Vector, unlike the String, Math and the wrapper classes
are not in the java.lang package. To use the Vector class
the java.util package needs to be imported or Vector's
fully qualified name needs to be used, java.util.Vector.

Example

import java.util.Vector;

// or import java.util.*; or use fully qualified name

Following is the class signature of the Vector class and
it's hierarchy.

Vector Class Signature

public class Vector
extends AbstractList implements List, Cloneable, Serializable

Vector Class Hierarchy

java.lang.Object
   |
+--java.util.AbstractCollection
         |
        +--java.util.AbstractList
               |
              +--java.util.Vector

// the inheritance tree shows Vector is a type of List and also implements
// the List interface A list is an ordered collection (also known generically
// as a sequence).

A Vector is created via one of it's four constructors. Vector has
an empty constructor and a constructor that takes a Collection
object. It also has a constructor that allows setting the initial
capacity of the Vector. A fourth constructor allows specifying
the initial capacity and the capacity increment. The capacity
increment decides the size that the vector will grow by and is
automatically set to the size of the vector.
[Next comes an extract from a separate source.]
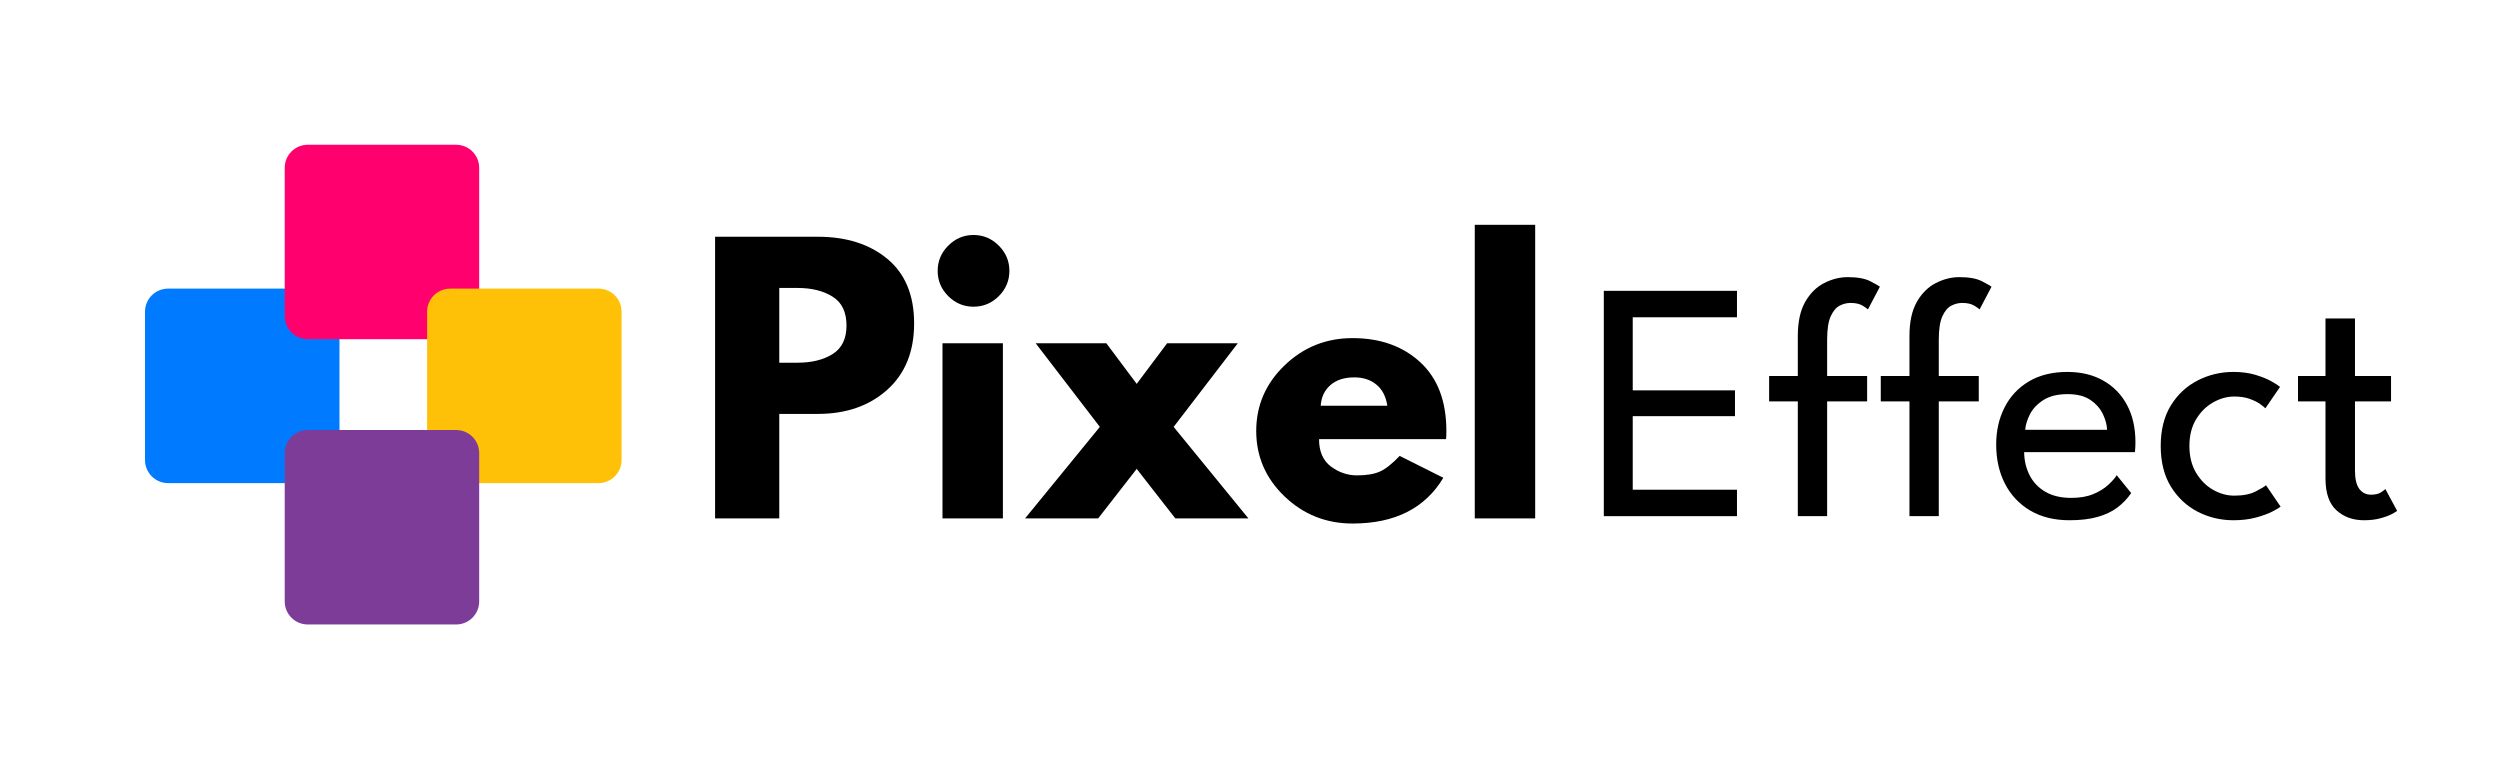 <svg xmlns="http://www.w3.org/2000/svg" xmlns:xlink="http://www.w3.org/1999/xlink" width="650" viewBox="0 0 487.5 150" height="200" preserveAspectRatio="xMidYMid meet"><defs><g></g><clipPath id="afba27945c"><path d="M 28.277 56.281 L 66.199 56.281 L 66.199 94.207 L 28.277 94.207 Z M 28.277 56.281 " clip-rule="nonzero"></path></clipPath><clipPath id="1f434dfb94"><path d="M 32.773 56.281 L 61.707 56.281 C 64.188 56.281 66.199 58.293 66.199 60.777 L 66.199 89.711 C 66.199 92.191 64.188 94.207 61.707 94.207 L 32.773 94.207 C 30.289 94.207 28.277 92.191 28.277 89.711 L 28.277 60.777 C 28.277 58.293 30.289 56.281 32.773 56.281 Z M 32.773 56.281 " clip-rule="nonzero"></path></clipPath><clipPath id="b8b98300ae"><path d="M 55.52 28.227 L 93.441 28.227 L 93.441 66.148 L 55.52 66.148 Z M 55.52 28.227 " clip-rule="nonzero"></path></clipPath><clipPath id="c4c4fca91c"><path d="M 60.012 28.227 L 88.945 28.227 C 91.43 28.227 93.441 30.238 93.441 32.723 L 93.441 61.656 C 93.441 64.137 91.43 66.148 88.945 66.148 L 60.012 66.148 C 57.531 66.148 55.52 64.137 55.52 61.656 L 55.52 32.723 C 55.52 30.238 57.531 28.227 60.012 28.227 Z M 60.012 28.227 " clip-rule="nonzero"></path></clipPath><clipPath id="43909bb814"><path d="M 83.285 56.281 L 121.207 56.281 L 121.207 94.207 L 83.285 94.207 Z M 83.285 56.281 " clip-rule="nonzero"></path></clipPath><clipPath id="426a54e26f"><path d="M 87.777 56.281 L 116.711 56.281 C 119.195 56.281 121.207 58.293 121.207 60.777 L 121.207 89.711 C 121.207 92.191 119.195 94.207 116.711 94.207 L 87.777 94.207 C 85.297 94.207 83.285 92.191 83.285 89.711 L 83.285 60.777 C 83.285 58.293 85.297 56.281 87.777 56.281 Z M 87.777 56.281 " clip-rule="nonzero"></path></clipPath><clipPath id="9fedb2ee11"><path d="M 55.52 83.852 L 93.441 83.852 L 93.441 121.773 L 55.52 121.773 Z M 55.52 83.852 " clip-rule="nonzero"></path></clipPath><clipPath id="2abab33a6c"><path d="M 60.012 83.852 L 88.945 83.852 C 91.43 83.852 93.441 85.863 93.441 88.344 L 93.441 117.277 C 93.441 119.762 91.43 121.773 88.945 121.773 L 60.012 121.773 C 57.531 121.773 55.52 119.762 55.52 117.277 L 55.52 88.344 C 55.52 85.863 57.531 83.852 60.012 83.852 Z M 60.012 83.852 " clip-rule="nonzero"></path></clipPath></defs><g clip-path="url(#afba27945c)"><g clip-path="url(#1f434dfb94)"><path fill="#007bff" d="M 28.277 56.281 L 66.199 56.281 L 66.199 94.207 L 28.277 94.207 Z M 28.277 56.281 " fill-opacity="1" fill-rule="nonzero"></path></g></g><g clip-path="url(#b8b98300ae)"><g clip-path="url(#c4c4fca91c)"><path fill="#ff006e" d="M 55.52 28.227 L 93.441 28.227 L 93.441 66.148 L 55.52 66.148 Z M 55.52 28.227 " fill-opacity="1" fill-rule="nonzero"></path></g></g><g clip-path="url(#43909bb814)"><g clip-path="url(#426a54e26f)"><path fill="#ffc107" d="M 83.285 56.281 L 121.207 56.281 L 121.207 94.207 L 83.285 94.207 Z M 83.285 56.281 " fill-opacity="1" fill-rule="nonzero"></path></g></g><g clip-path="url(#9fedb2ee11)"><g clip-path="url(#2abab33a6c)"><path fill="#7d3c98" d="M 55.52 83.852 L 93.441 83.852 L 93.441 121.773 L 55.52 121.773 Z M 55.52 83.852 " fill-opacity="1" fill-rule="nonzero"></path></g></g><g fill="#000000" fill-opacity="1"><g transform="translate(135.442, 101.088)"><g><path d="M 4 -54.922 L 24.031 -54.922 C 29.625 -54.922 34.148 -53.477 37.609 -50.594 C 41.078 -47.707 42.812 -43.516 42.812 -38.016 C 42.812 -32.516 41.055 -28.195 37.547 -25.062 C 34.047 -21.938 29.539 -20.375 24.031 -20.375 L 16.516 -20.375 L 16.516 0 L 4 0 Z M 16.516 -30.359 L 20.047 -30.359 C 22.836 -30.359 25.129 -30.922 26.922 -32.047 C 28.723 -33.18 29.625 -35.035 29.625 -37.609 C 29.625 -40.234 28.723 -42.109 26.922 -43.234 C 25.129 -44.367 22.836 -44.938 20.047 -44.938 L 16.516 -44.938 Z M 16.516 -30.359 "></path></g></g></g><g fill="#000000" fill-opacity="1"><g transform="translate(179.784, 101.088)"><g><path d="M 5.125 -53.188 C 6.5 -54.57 8.141 -55.266 10.047 -55.266 C 11.961 -55.266 13.609 -54.57 14.984 -53.188 C 16.359 -51.812 17.047 -50.172 17.047 -48.266 C 17.047 -46.359 16.359 -44.719 14.984 -43.344 C 13.609 -41.969 11.961 -41.281 10.047 -41.281 C 8.141 -41.281 6.5 -41.969 5.125 -43.344 C 3.75 -44.719 3.062 -46.359 3.062 -48.266 C 3.062 -50.172 3.75 -51.812 5.125 -53.188 Z M 4 -34.156 L 4 0 L 15.781 0 L 15.781 -34.156 Z M 4 -34.156 "></path></g></g></g><g fill="#000000" fill-opacity="1"><g transform="translate(199.89, 101.088)"><g><path d="M 43.547 0 L 29.297 0 L 21.766 -9.656 L 14.25 0 L 0 0 L 14.578 -17.844 L 2.062 -34.156 L 15.844 -34.156 L 21.766 -26.234 L 27.703 -34.156 L 41.484 -34.156 L 28.969 -17.844 Z M 43.547 0 "></path></g></g></g><g fill="#000000" fill-opacity="1"><g transform="translate(243.433, 101.088)"><g><path d="M 38.547 -15.453 L 13.781 -15.453 C 13.781 -13.047 14.555 -11.266 16.109 -10.109 C 17.66 -8.961 19.348 -8.391 21.172 -8.391 C 23.078 -8.391 24.582 -8.645 25.688 -9.156 C 26.801 -9.664 28.07 -10.676 29.5 -12.188 L 38.016 -7.922 C 34.461 -1.973 28.562 1 20.312 1 C 15.156 1 10.734 -0.766 7.047 -4.297 C 3.367 -7.828 1.531 -12.078 1.531 -17.047 C 1.531 -22.016 3.367 -26.273 7.047 -29.828 C 10.734 -33.379 15.156 -35.156 20.312 -35.156 C 25.719 -35.156 30.117 -33.586 33.516 -30.453 C 36.91 -27.328 38.609 -22.859 38.609 -17.047 C 38.609 -16.242 38.586 -15.711 38.547 -15.453 Z M 14.109 -21.969 L 27.094 -21.969 C 26.832 -23.75 26.133 -25.113 25 -26.062 C 23.863 -27.02 22.41 -27.5 20.641 -27.5 C 18.68 -27.5 17.125 -26.988 15.969 -25.969 C 14.82 -24.945 14.203 -23.613 14.109 -21.969 Z M 14.109 -21.969 "></path></g></g></g><g fill="#000000" fill-opacity="1"><g transform="translate(283.58, 101.088)"><g><path d="M 4 0 L 4 -57.25 L 15.781 -57.25 L 15.781 0 Z M 4 0 "></path></g></g></g><g fill="#000000" fill-opacity="1"><g transform="translate(309.055, 100.651)"><g><path d="M 3.688 -43.938 L 29.656 -43.938 L 29.656 -38.781 L 9.328 -38.781 L 9.328 -24.531 L 29.266 -24.531 L 29.266 -19.5 L 9.328 -19.5 L 9.328 -5.156 L 29.656 -5.156 L 29.656 0 L 3.688 0 Z M 3.688 -43.938 "></path></g></g></g><g fill="#000000" fill-opacity="1"><g transform="translate(344.042, 100.651)"><g><path d="M 0.938 -27.328 L 6.531 -27.328 L 6.531 -35.094 C 6.531 -37.863 7.008 -40.094 7.969 -41.781 C 8.938 -43.469 10.172 -44.691 11.672 -45.453 C 13.172 -46.223 14.707 -46.609 16.281 -46.609 C 18.188 -46.609 19.656 -46.336 20.688 -45.797 C 21.719 -45.266 22.332 -44.91 22.531 -44.734 L 20.203 -40.312 C 20.098 -40.445 19.754 -40.691 19.172 -41.047 C 18.598 -41.398 17.812 -41.578 16.812 -41.578 C 16.082 -41.578 15.375 -41.398 14.688 -41.047 C 14 -40.691 13.422 -40.004 12.953 -38.984 C 12.484 -37.961 12.25 -36.441 12.25 -34.422 L 12.25 -27.328 L 20.047 -27.328 L 20.047 -22.375 L 12.25 -22.375 L 12.25 0 L 6.531 0 L 6.531 -22.375 L 0.938 -22.375 Z M 0.938 -27.328 "></path></g></g></g><g fill="#000000" fill-opacity="1"><g transform="translate(365.813, 100.651)"><g><path d="M 0.938 -27.328 L 6.531 -27.328 L 6.531 -35.094 C 6.531 -37.863 7.008 -40.094 7.969 -41.781 C 8.938 -43.469 10.172 -44.691 11.672 -45.453 C 13.172 -46.223 14.707 -46.609 16.281 -46.609 C 18.188 -46.609 19.656 -46.336 20.688 -45.797 C 21.719 -45.266 22.332 -44.91 22.531 -44.734 L 20.203 -40.312 C 20.098 -40.445 19.754 -40.691 19.172 -41.047 C 18.598 -41.398 17.812 -41.578 16.812 -41.578 C 16.082 -41.578 15.375 -41.398 14.688 -41.047 C 14 -40.691 13.422 -40.004 12.953 -38.984 C 12.484 -37.961 12.25 -36.441 12.25 -34.422 L 12.25 -27.328 L 20.047 -27.328 L 20.047 -22.375 L 12.25 -22.375 L 12.25 0 L 6.531 0 L 6.531 -22.375 L 0.938 -22.375 Z M 0.938 -27.328 "></path></g></g></g><g fill="#000000" fill-opacity="1"><g transform="translate(387.584, 100.651)"><g><path d="M 7.125 -12.484 C 7.145 -10.836 7.5 -9.336 8.188 -7.984 C 8.875 -6.629 9.898 -5.551 11.266 -4.75 C 12.629 -3.957 14.312 -3.562 16.312 -3.562 C 18 -3.562 19.438 -3.812 20.625 -4.312 C 21.812 -4.812 22.781 -5.41 23.531 -6.109 C 24.289 -6.805 24.836 -7.43 25.172 -7.984 L 28 -4.5 C 27.258 -3.426 26.363 -2.488 25.312 -1.688 C 24.258 -0.895 22.977 -0.285 21.469 0.141 C 19.957 0.578 18.117 0.797 15.953 0.797 C 13.016 0.797 10.473 0.172 8.328 -1.078 C 6.191 -2.336 4.547 -4.082 3.391 -6.312 C 2.242 -8.539 1.672 -11.098 1.672 -13.984 C 1.672 -16.641 2.211 -19.039 3.297 -21.188 C 4.379 -23.332 5.957 -25.023 8.031 -26.266 C 10.113 -27.504 12.617 -28.125 15.547 -28.125 C 18.234 -28.125 20.566 -27.562 22.547 -26.438 C 24.535 -25.32 26.078 -23.742 27.172 -21.703 C 28.273 -19.66 28.828 -17.219 28.828 -14.375 C 28.828 -14.195 28.816 -13.879 28.797 -13.422 C 28.773 -12.973 28.754 -12.66 28.734 -12.484 Z M 23.297 -16.844 C 23.273 -17.75 23.016 -18.742 22.516 -19.828 C 22.016 -20.922 21.207 -21.852 20.094 -22.625 C 18.988 -23.406 17.492 -23.797 15.609 -23.797 C 13.66 -23.797 12.094 -23.414 10.906 -22.656 C 9.719 -21.906 8.844 -20.992 8.281 -19.922 C 7.727 -18.848 7.41 -17.82 7.328 -16.844 Z M 23.297 -16.844 "></path></g></g></g><g fill="#000000" fill-opacity="1"><g transform="translate(419.309, 100.651)"><g><path d="M 16.375 -4 C 18.102 -4 19.5 -4.273 20.562 -4.828 C 21.633 -5.379 22.301 -5.781 22.562 -6.031 L 25.406 -1.859 C 25.176 -1.66 24.645 -1.344 23.812 -0.906 C 22.977 -0.477 21.91 -0.086 20.609 0.266 C 19.316 0.617 17.852 0.797 16.219 0.797 C 13.707 0.797 11.375 0.238 9.219 -0.875 C 7.062 -2 5.32 -3.633 4 -5.781 C 2.688 -7.938 2.031 -10.57 2.031 -13.688 C 2.031 -16.812 2.688 -19.441 4 -21.578 C 5.32 -23.723 7.062 -25.348 9.219 -26.453 C 11.375 -27.566 13.707 -28.125 16.219 -28.125 C 17.832 -28.125 19.27 -27.93 20.531 -27.547 C 21.801 -27.16 22.848 -26.734 23.672 -26.266 C 24.492 -25.797 25.035 -25.441 25.297 -25.203 L 22.438 -21.031 C 22.258 -21.219 21.922 -21.492 21.422 -21.859 C 20.922 -22.223 20.25 -22.555 19.406 -22.859 C 18.562 -23.172 17.551 -23.328 16.375 -23.328 C 14.957 -23.328 13.578 -22.941 12.234 -22.172 C 10.891 -21.41 9.785 -20.312 8.922 -18.875 C 8.055 -17.438 7.625 -15.707 7.625 -13.688 C 7.625 -11.664 8.055 -9.926 8.922 -8.469 C 9.785 -7.02 10.891 -5.91 12.234 -5.141 C 13.578 -4.379 14.957 -4 16.375 -4 Z M 16.375 -4 "></path></g></g></g><g fill="#000000" fill-opacity="1"><g transform="translate(446.94, 100.651)"><g><path d="M 1.172 -27.328 L 6.531 -27.328 L 6.531 -38.547 L 12.281 -38.547 L 12.281 -27.328 L 19.312 -27.328 L 19.312 -22.375 L 12.281 -22.375 L 12.281 -8.859 C 12.281 -7.254 12.562 -6.07 13.125 -5.312 C 13.695 -4.562 14.457 -4.188 15.406 -4.188 C 16.25 -4.188 16.906 -4.344 17.375 -4.656 C 17.844 -4.969 18.117 -5.18 18.203 -5.297 L 20.5 -1.031 C 20.375 -0.914 20.02 -0.703 19.438 -0.391 C 18.863 -0.086 18.117 0.18 17.203 0.422 C 16.297 0.672 15.234 0.797 14.016 0.797 C 11.879 0.797 10.098 0.148 8.672 -1.141 C 7.242 -2.441 6.531 -4.504 6.531 -7.328 L 6.531 -22.375 L 1.172 -22.375 Z M 1.172 -27.328 "></path></g></g></g></svg>

// capacity is automatically set to the size of the vector

Vector implements the methods of the List interface plus about
15 other methods for a total of about 40 methods. This shows
you that Vector has quite a bit of versatility absent in the array.

Classic Instantiation Form

Vector v=new Vector( 5 );
// this is a Vector with it's initial capacity set to 5.

You can use add( ) and addElement( ) methods to add items to
the Vector and remove( ) or removeElement( ) methods to remove
items. Primitive types need to be 'wrapped' in appropriate wrapper
classes to be stored in a Vector. The elements( ) method will return
an Enumeration object which you can iterate with Enumeration's
hasMoreElements( ) and nextElement( ) methods. elementAt( )
returns a component at a specified index.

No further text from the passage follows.